Apple’s progress towards a $1,000 share price may yet go pear-shaped
New iPhones and iPads have everyone excited about Apple’s prospects, but pushing into China and into the TV market won’t be problem-free
Could Apple become the world’s first $1 trillion company? At last week’s closing share price of $633, Apple is now worth a whopping $590bn, but two leading Wall Street tech analysts believe the recent stellar rise of the iGiant is just the beginning.
Brian White of Topeka Capital Markets was first off the mark, putting a 12-month target of $1,001 on Apple’s shares. To put that into context, the share price stood at around $370 when the company launched the iPhone 4S last October. Then came analyst Gene Munster of Piper Jaffray, who also forecast that the shares would break through $1,000, albeit a year later in 2014.

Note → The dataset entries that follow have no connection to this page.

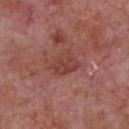Q: Automated lesion metrics?
A: an average lesion color of about L≈42 a*≈25 b*≈26 (CIELAB) and a normalized border contrast of about 6; a detector confidence of about 100 out of 100 that the crop contains a lesion
Q: What is the lesion's diameter?
A: ~3.5 mm (longest diameter)
Q: Who is the patient?
A: male, about 65 years old
Q: Where on the body is the lesion?
A: the chest
Q: How was the tile lit?
A: white-light illumination
Q: What kind of image is this?
A: total-body-photography crop, ~15 mm field of view
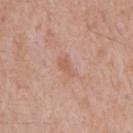The lesion was tiled from a total-body skin photograph and was not biopsied.
A close-up tile cropped from a whole-body skin photograph, about 15 mm across.
From the mid back.
A male patient aged 58 to 62.
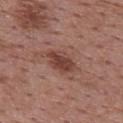{"biopsy_status": "not biopsied; imaged during a skin examination", "lesion_size": {"long_diameter_mm_approx": 4.0}, "site": "back", "patient": {"sex": "female", "age_approx": 50}, "image": {"source": "total-body photography crop", "field_of_view_mm": 15}, "lighting": "white-light"}
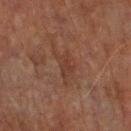Captured during whole-body skin photography for melanoma surveillance; the lesion was not biopsied. The patient is a male aged around 75. On the arm. This image is a 15 mm lesion crop taken from a total-body photograph. Captured under cross-polarized illumination. The lesion-visualizer software estimated a footprint of about 7.5 mm² and a symmetry-axis asymmetry near 0.5. And it measured a detector confidence of about 95 out of 100 that the crop contains a lesion. About 5 mm across.
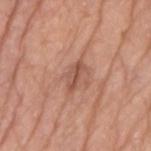workup = imaged on a skin check; not biopsied | lighting = white-light | body site = the right upper arm | acquisition = 15 mm crop, total-body photography | patient = male, aged 78 to 82.
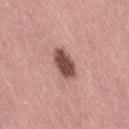Clinical impression:
This lesion was catalogued during total-body skin photography and was not selected for biopsy.
Background:
The recorded lesion diameter is about 4 mm. Imaged with white-light lighting. Located on the lower back. A close-up tile cropped from a whole-body skin photograph, about 15 mm across. A female subject, aged approximately 55.
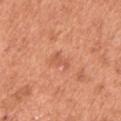From the left upper arm.
A male subject aged approximately 65.
Measured at roughly 2.5 mm in maximum diameter.
The total-body-photography lesion software estimated a lesion area of about 2.5 mm², an outline eccentricity of about 0.85 (0 = round, 1 = elongated), and two-axis asymmetry of about 0.55. It also reported a border-irregularity index near 6/10 and internal color variation of about 0 on a 0–10 scale.
A close-up tile cropped from a whole-body skin photograph, about 15 mm across.
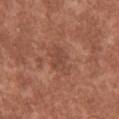notes = catalogued during a skin exam; not biopsied | diameter = ≈4 mm | tile lighting = white-light | body site = the upper back | image source = ~15 mm crop, total-body skin-cancer survey | subject = male, approximately 45 years of age.
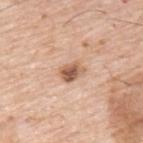Assessment: Part of a total-body skin-imaging series; this lesion was reviewed on a skin check and was not flagged for biopsy. Clinical summary: This is a white-light tile. Measured at roughly 3 mm in maximum diameter. A 15 mm close-up tile from a total-body photography series done for melanoma screening. Located on the back. The subject is a male roughly 70 years of age.
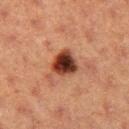{"biopsy_status": "not biopsied; imaged during a skin examination", "image": {"source": "total-body photography crop", "field_of_view_mm": 15}, "site": "left thigh", "patient": {"sex": "female", "age_approx": 40}}
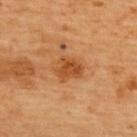Assessment: The lesion was photographed on a routine skin check and not biopsied; there is no pathology result. Image and clinical context: Automated image analysis of the tile measured a border-irregularity index near 3/10 and a within-lesion color-variation index near 3.5/10. A subject aged approximately 70. Longest diameter approximately 3.5 mm. The lesion is on the back. Cropped from a total-body skin-imaging series; the visible field is about 15 mm. Imaged with cross-polarized lighting.
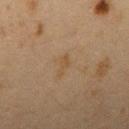Imaged during a routine full-body skin examination; the lesion was not biopsied and no histopathology is available. Imaged with cross-polarized lighting. A 15 mm close-up extracted from a 3D total-body photography capture. The recorded lesion diameter is about 2.5 mm. A female patient aged approximately 40. The lesion is on the right upper arm.
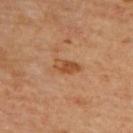Captured during whole-body skin photography for melanoma surveillance; the lesion was not biopsied. The subject is a female about 65 years old. Imaged with cross-polarized lighting. About 3 mm across. A region of skin cropped from a whole-body photographic capture, roughly 15 mm wide. The lesion is located on the upper back.

The iPhone 4S and the new iPad – 3m of which were sold in its first weekend, in mid-March – have been behind recent growth, along with the company’s long-awaited promise to pay a dividend.
The current wave of optimism has been inspired by the prospect of further innovation, and opportunities to attract Apple aficionados in newer markets, especially China.
New versions of the iPhone are expected this year and next, with new iPads to follow. Apple is also likely to make further moves into the television market, possibly allowing customers access to their music, films and apps through a TV set in their living room. White reckons this could become a $100bn market for the company.
As for China, he reckons 230 million people in the country could have access to 3G wireless networks by the end of the year, creating a huge potential market for the iPhone.
Apple is also cash rich, with around $100bn in deposits around the world, despite planning to pay $10bn a year in dividends. But a $1,000 share price is far from guaranteed. There are risks. If and when Apple does launch its TV product, it is likely to display all the company’s famous innovation and design ingenuity. But TV is a truly cut-throat market, and its product will have to be very special to make its mark.
And its push into China is not without problems already. The company is in dispute with bankrupt Chinese electronics business Proview, which claims to own the iPad trademark in 10 countries, including China. A court case continues, with Proview trying to get Apple banned from selling the iPad in China.
Then there are the much publicised concerns about conditions at the Chinese factories of one of its suppliers, Foxconn.
And it is always worth bearing in mind that the moment when companies seem almost untouchable is often the time they also start to believe their own publicity and make mistakes. That hasn’t happened to Apple yet, but the risk must surely be there.